• [TASK PROMPT] Make an exact copy of the entries, taking out every picture.

*** Block opens ***

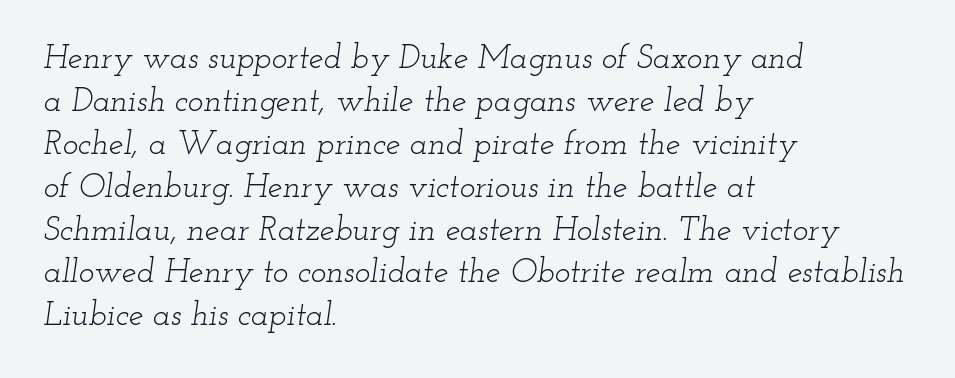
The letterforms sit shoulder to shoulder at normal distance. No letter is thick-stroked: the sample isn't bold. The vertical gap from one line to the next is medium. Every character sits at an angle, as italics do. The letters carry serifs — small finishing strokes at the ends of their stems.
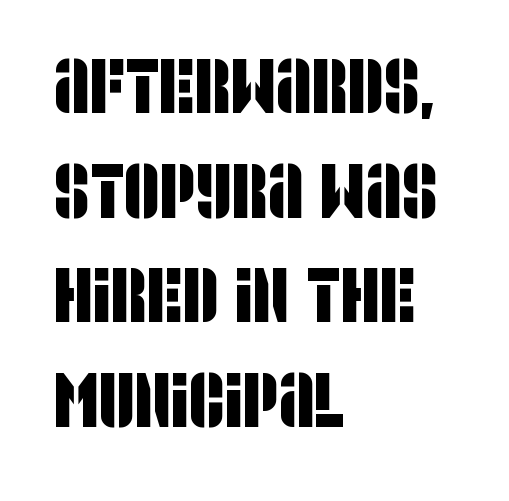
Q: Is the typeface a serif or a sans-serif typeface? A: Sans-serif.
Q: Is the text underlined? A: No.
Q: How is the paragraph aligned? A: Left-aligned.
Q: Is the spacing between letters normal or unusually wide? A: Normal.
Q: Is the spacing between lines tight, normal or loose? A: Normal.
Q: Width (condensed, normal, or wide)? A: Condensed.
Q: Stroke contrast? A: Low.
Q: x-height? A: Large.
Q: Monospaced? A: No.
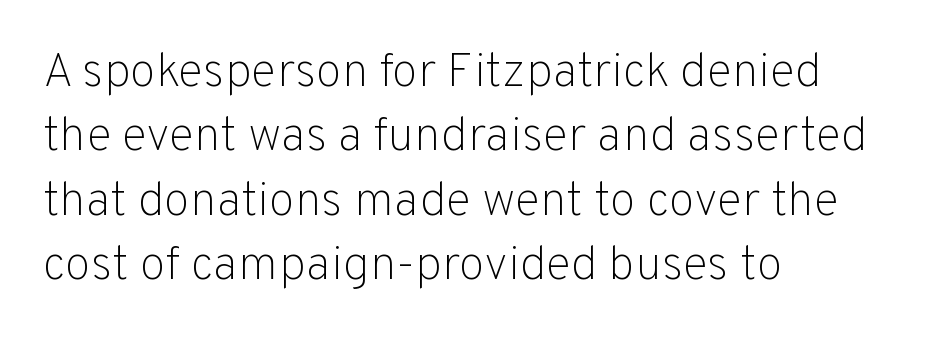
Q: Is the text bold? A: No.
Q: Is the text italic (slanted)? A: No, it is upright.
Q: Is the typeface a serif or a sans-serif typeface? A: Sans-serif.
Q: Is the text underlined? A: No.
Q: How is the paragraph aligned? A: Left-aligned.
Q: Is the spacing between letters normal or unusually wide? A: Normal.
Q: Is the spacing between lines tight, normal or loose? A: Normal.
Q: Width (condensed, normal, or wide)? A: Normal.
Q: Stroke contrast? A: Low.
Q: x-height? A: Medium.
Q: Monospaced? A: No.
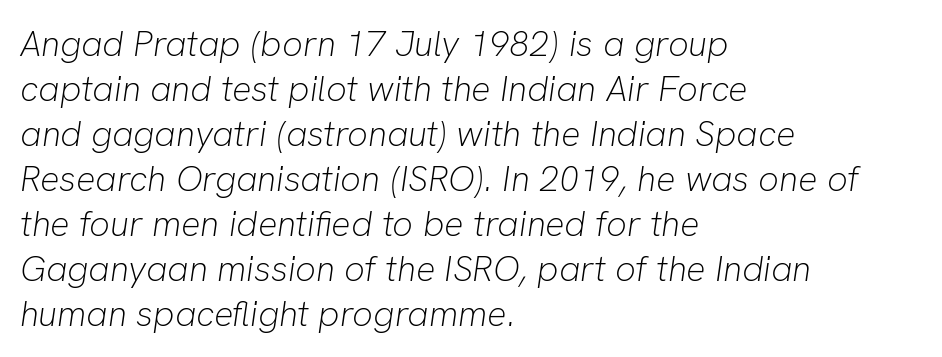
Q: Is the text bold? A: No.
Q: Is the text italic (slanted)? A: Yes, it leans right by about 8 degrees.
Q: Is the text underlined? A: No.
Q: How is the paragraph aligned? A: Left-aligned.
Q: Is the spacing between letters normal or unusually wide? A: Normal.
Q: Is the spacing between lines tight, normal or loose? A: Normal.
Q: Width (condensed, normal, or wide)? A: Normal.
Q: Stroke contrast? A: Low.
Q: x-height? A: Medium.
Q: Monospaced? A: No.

*** Block closes ***

• [ANSWER AREA]
The letterforms sit shoulder to shoulder at normal distance. No letter is thick-stroked: the sample isn't bold. The vertical gap from one line to the next is medium. Every character sits at an angle, as italics do. The letters carry serifs — small finishing strokes at the ends of their stems.
Q: Is the typeface a serif or a sans-serif typeface? A: Sans-serif.
Q: Is the text underlined? A: No.
Q: How is the paragraph aligned? A: Left-aligned.
Q: Is the spacing between letters normal or unusually wide? A: Normal.
Q: Is the spacing between lines tight, normal or loose? A: Normal.
Q: Width (condensed, normal, or wide)? A: Condensed.
Q: Stroke contrast? A: Low.
Q: x-height? A: Large.
Q: Monospaced? A: No.
Q: Is the text bold? A: No.
Q: Is the text italic (slanted)? A: No, it is upright.
Q: Is the typeface a serif or a sans-serif typeface? A: Sans-serif.
Q: Is the text underlined? A: No.
Q: How is the paragraph aligned? A: Left-aligned.
Q: Is the spacing between letters normal or unusually wide? A: Normal.
Q: Is the spacing between lines tight, normal or loose? A: Normal.
Q: Width (condensed, normal, or wide)? A: Normal.
Q: Stroke contrast? A: Low.
Q: x-height? A: Medium.
Q: Monospaced? A: No.
Q: Is the text bold? A: No.
Q: Is the text italic (slanted)? A: Yes, it leans right by about 8 degrees.
Q: Is the text underlined? A: No.
Q: How is the paragraph aligned? A: Left-aligned.
Q: Is the spacing between letters normal or unusually wide? A: Normal.
Q: Is the spacing between lines tight, normal or loose? A: Normal.
Q: Width (condensed, normal, or wide)? A: Normal.
Q: Stroke contrast? A: Low.
Q: x-height? A: Medium.
Q: Monospaced? A: No.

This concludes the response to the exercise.